# ELMR Book Through LDA-BERT Pipeline
This notebook puts the ELMR book through the LDA-BERT pipeline, generates compressed versions of the book and conducts cosine similarity

In [None]:
import importlib
from pipeline import pipeline_final

# Reload the pipeline module
importlib.reload(pipeline)

In [None]:
import pandas as pd
import matplotlib.pyplot as plt
import seaborn as sns
from pymongo import MongoClient
from pipeline.pipeline_final import pipeline
import numpy as np

# === MongoDB Connection ===
uri = "mongodb+srv://haigbedros:xqLlcSm2DP7VMGiF@cluster0.kfjsw.mongodb.net/?appName=Cluster0"
mongo_client = MongoClient(uri)

# === Access the Elmr Database and Collection ===
elmr_db = mongo_client["elmr"]
elmr_collection = elmr_db["elmr_book"]

# === Load the Elmr data into a pandas DataFrame ===
elmr_cursor = elmr_collection.find({}, {"text": 1, "_id": 0})  # Only pull 'text' field
elmr_df = pd.DataFrame(list(elmr_cursor))

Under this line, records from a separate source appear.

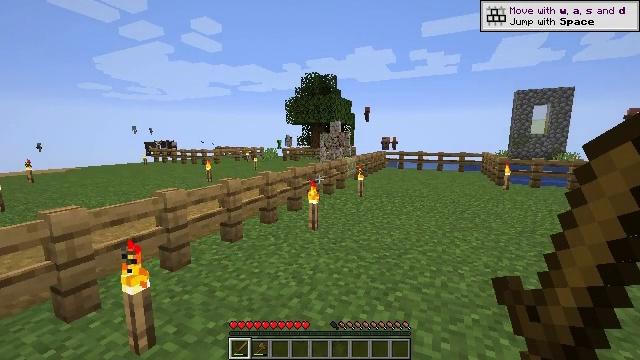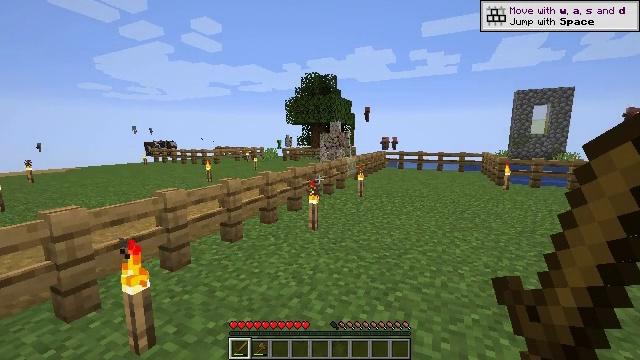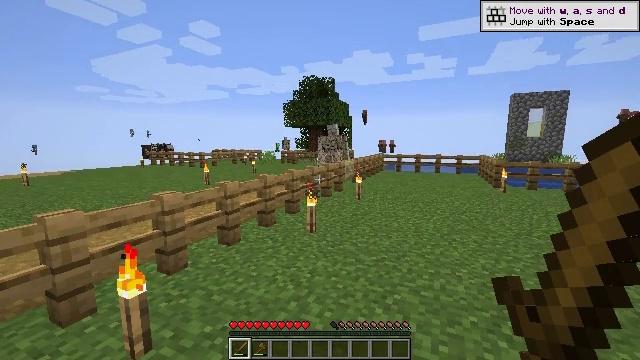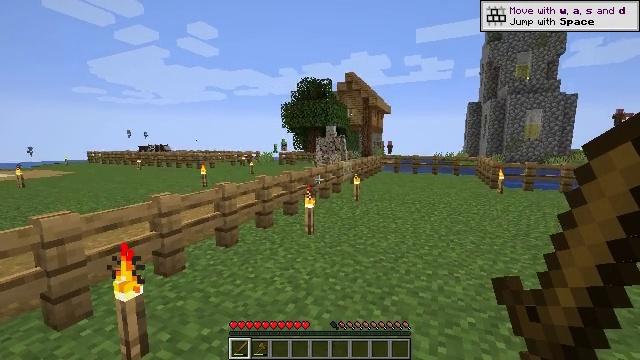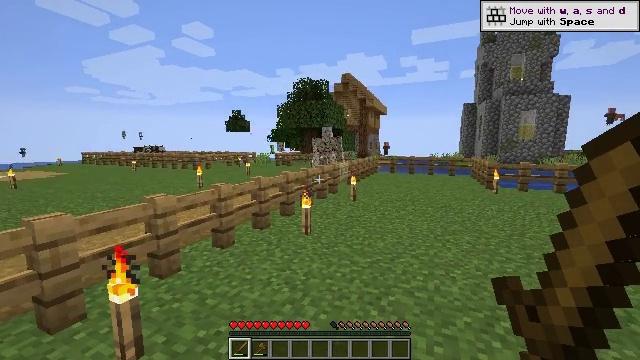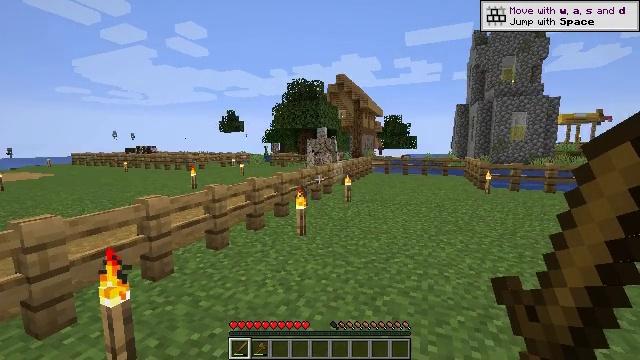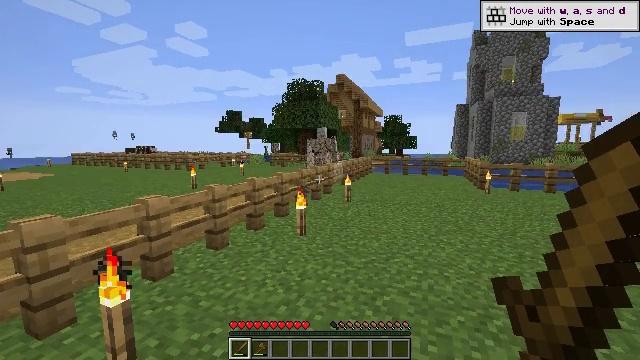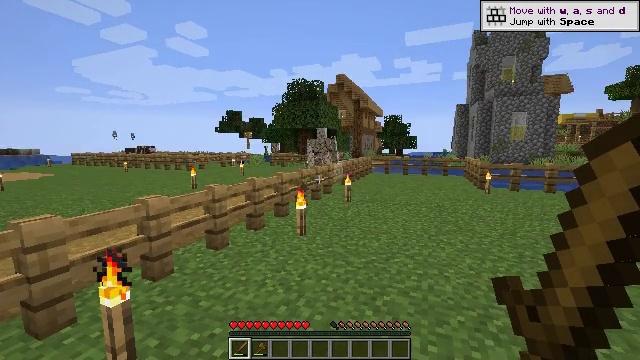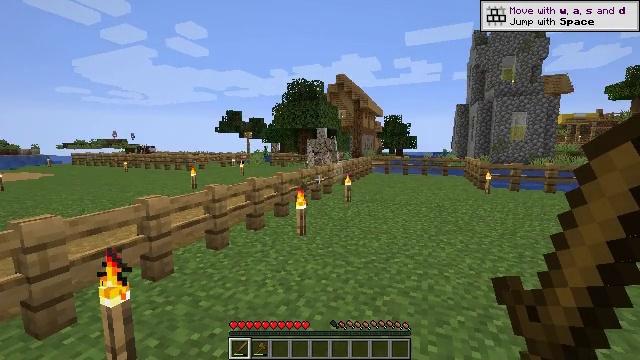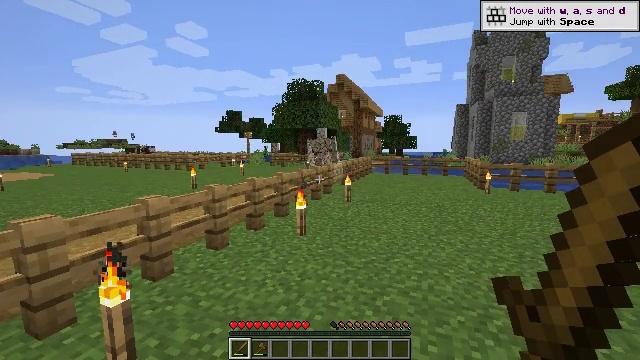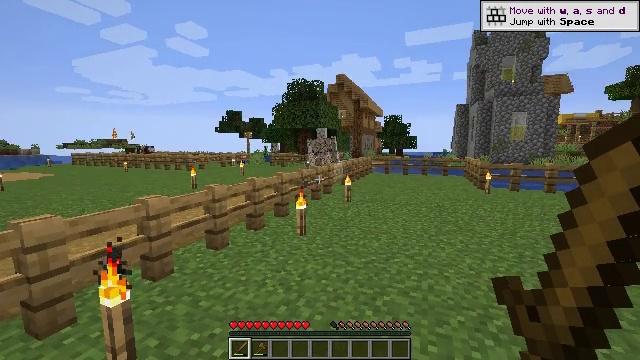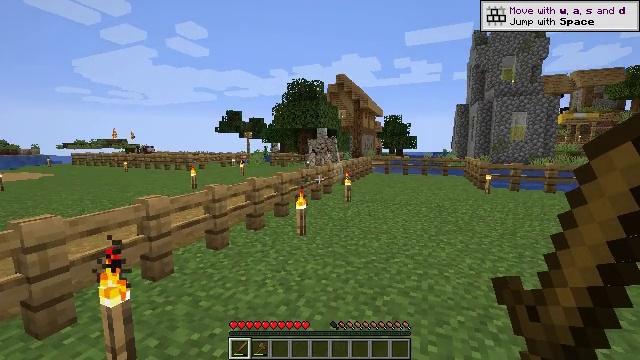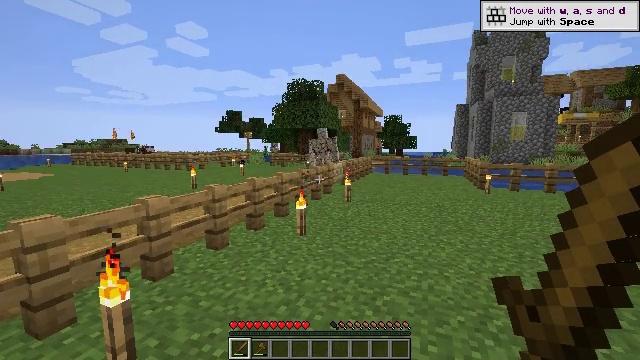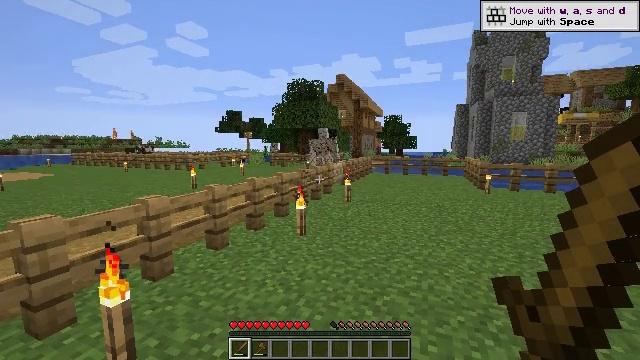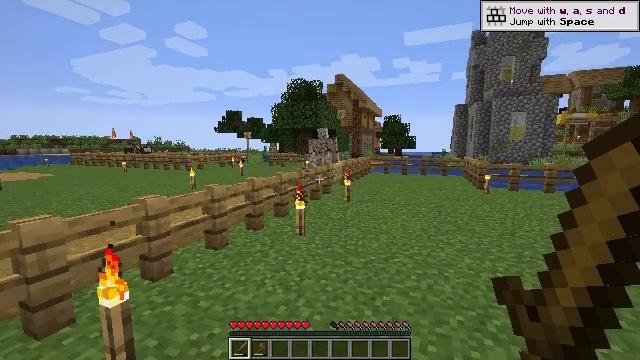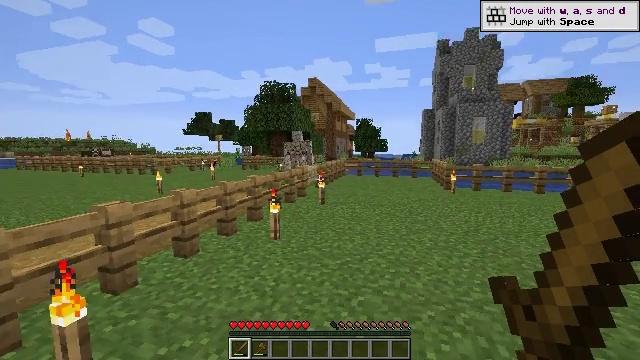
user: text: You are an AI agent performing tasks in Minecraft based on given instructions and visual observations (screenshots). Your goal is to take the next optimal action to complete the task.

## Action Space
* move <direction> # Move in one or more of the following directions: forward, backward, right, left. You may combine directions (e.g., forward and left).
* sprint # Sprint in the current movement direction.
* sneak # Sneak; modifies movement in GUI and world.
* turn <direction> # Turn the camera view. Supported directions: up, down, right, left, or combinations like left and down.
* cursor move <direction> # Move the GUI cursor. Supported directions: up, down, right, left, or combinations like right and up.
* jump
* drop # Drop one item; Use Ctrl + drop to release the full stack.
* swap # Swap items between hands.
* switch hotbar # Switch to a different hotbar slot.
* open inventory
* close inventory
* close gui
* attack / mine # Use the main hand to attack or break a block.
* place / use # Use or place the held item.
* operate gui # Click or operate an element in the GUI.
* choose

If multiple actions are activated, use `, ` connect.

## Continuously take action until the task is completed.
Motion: motion action
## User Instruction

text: Collect a hay block for crafting.
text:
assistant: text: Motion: no_op
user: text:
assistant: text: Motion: no_op
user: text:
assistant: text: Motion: no_op
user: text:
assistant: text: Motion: no_op
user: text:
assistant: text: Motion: turn right
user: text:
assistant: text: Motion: no_op
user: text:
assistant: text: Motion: no_op
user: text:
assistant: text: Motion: no_op
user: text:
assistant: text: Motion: no_op
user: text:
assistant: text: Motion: no_op
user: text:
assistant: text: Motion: no_op
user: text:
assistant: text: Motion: no_op
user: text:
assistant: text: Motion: no_op
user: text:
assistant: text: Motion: no_op
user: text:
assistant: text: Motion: turn right
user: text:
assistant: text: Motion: turn right
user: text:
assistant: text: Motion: turn right
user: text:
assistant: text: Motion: turn right
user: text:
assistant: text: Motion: turn right and up
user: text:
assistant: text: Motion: turn right
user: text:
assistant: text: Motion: turn right
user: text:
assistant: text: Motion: no_op
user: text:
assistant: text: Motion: no_op
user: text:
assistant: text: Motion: no_op
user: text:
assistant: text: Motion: no_op
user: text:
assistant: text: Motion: no_op
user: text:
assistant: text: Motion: no_op
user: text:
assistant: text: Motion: no_op
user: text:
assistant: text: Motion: no_op
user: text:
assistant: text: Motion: no_op
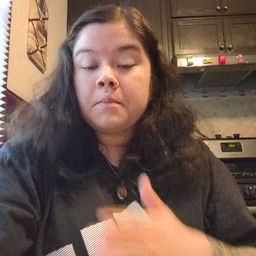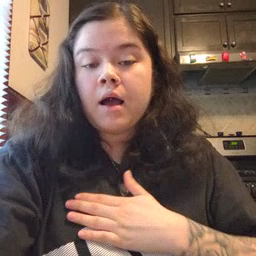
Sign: minemy
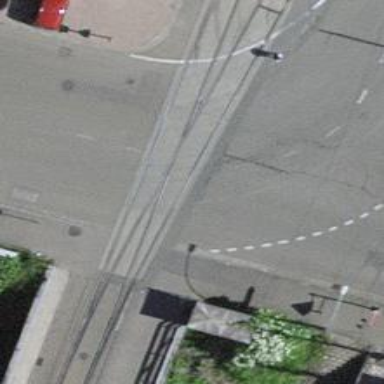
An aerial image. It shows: Railway level crossing.
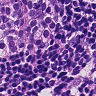
Metastatic tissue present: yes
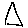
Label: triangle
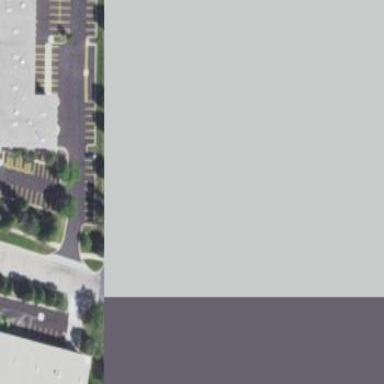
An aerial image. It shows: Office building.
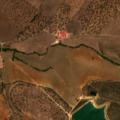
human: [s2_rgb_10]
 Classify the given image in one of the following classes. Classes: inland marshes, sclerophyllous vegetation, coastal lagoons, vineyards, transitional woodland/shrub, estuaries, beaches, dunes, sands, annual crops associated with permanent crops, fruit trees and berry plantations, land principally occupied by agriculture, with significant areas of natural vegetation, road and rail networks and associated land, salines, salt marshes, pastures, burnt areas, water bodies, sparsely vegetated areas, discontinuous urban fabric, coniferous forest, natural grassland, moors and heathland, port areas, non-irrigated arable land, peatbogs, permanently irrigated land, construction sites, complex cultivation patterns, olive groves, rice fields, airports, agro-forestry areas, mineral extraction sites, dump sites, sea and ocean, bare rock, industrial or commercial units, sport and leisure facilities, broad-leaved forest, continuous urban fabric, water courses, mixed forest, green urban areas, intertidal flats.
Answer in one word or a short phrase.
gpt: non-irrigated arable land, permanently irrigated land, olive groves, agro-forestry areas
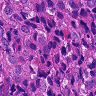
Metastatic tissue present: yes
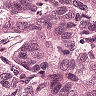
Metastatic tissue present: yes
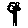
Label: flower
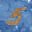
Label: 5
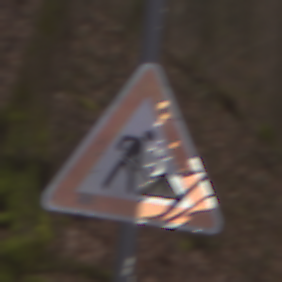
Verkehrszeichen: Arbeitsstelle
Umgebung: Outdoor, Nature
Tageszeit: Midday
Wetter: Overcast
Licht: Natural
Jahreszeit: Autumn
Kontrast: LowContrast
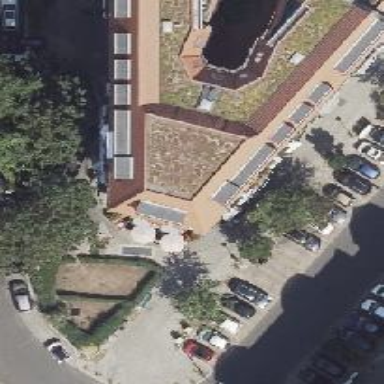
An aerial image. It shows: Café.
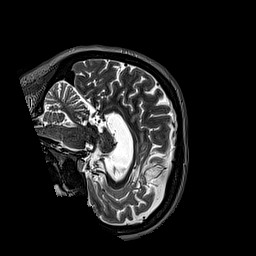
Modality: T2w
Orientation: sagittal
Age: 31
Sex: female
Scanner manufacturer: siemens
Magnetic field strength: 3 T
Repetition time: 3.2 s
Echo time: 0.567 s
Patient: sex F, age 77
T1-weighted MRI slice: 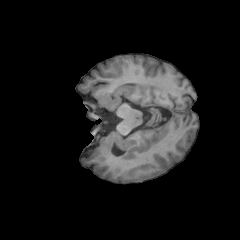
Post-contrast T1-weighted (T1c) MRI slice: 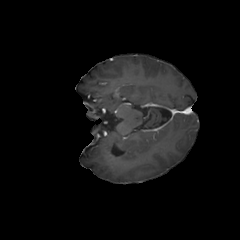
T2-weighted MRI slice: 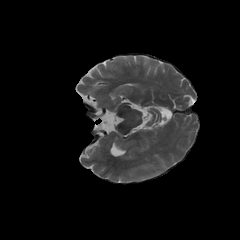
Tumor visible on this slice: no
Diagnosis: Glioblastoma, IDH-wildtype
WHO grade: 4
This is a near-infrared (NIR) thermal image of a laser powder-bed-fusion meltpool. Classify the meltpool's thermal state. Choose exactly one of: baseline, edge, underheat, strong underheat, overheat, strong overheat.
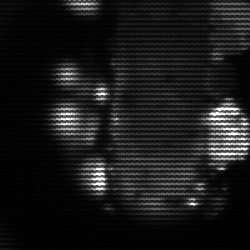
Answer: strong underheat
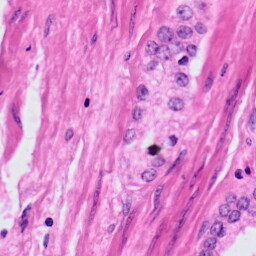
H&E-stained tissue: Prostate
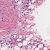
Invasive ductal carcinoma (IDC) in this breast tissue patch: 0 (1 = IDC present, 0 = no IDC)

# === Clean and Inspect Data ===
elmr_df = elmr_df.dropna(subset=['text'])  # Drop missing text rows
print(f"Number of documents: {len(elmr_df)}")
print(f"Columns: {elmr_df.columns.tolist()}")
print("\nFirst few rows:")
print(elmr_df.head())

# === Run the Pipeline ===
print("\nRunning pipeline...")
results = pipeline(
    dataframe=elmr_df,
    text_column='text',
    n_topics=5,        # Number of topics
    threshold=0.01,     # BERT similarity threshold
    top_n_words=10     # Top words per topic
)

# === Analyze Topic Assignments ===
print("\nAnalyzing topic assignments...")
topic_assignments = results['topic_assignments']
topic_counts = pd.Series(topic_assignments).value_counts().sort_index()
print("\nTopic distribution:")
print(topic_counts)

# === Top Words for Each Topic ===
print("\nTop words for each topic:")
lda_model = results['lda_model']
lda_model.print_topics(n_top_words=10)

# === Analyze BERT Similarity Results ===
print("\nAnalyzing BERT similarity results...")
query_results = results['query_results']

for query_id, result in query_results.items():
    print(f"\n{query_id}:")
    print(f"Number of relevant documents: {sum(result['relevance'])}")
    flat_sims = np.concatenate(result['similarities']) if result['similarities'] else np.array([])
    avg_sim = flat_sims.mean() if len(flat_sims) > 0 else 0.0
    print(f"Average similarity: {avg_sim:.4f}")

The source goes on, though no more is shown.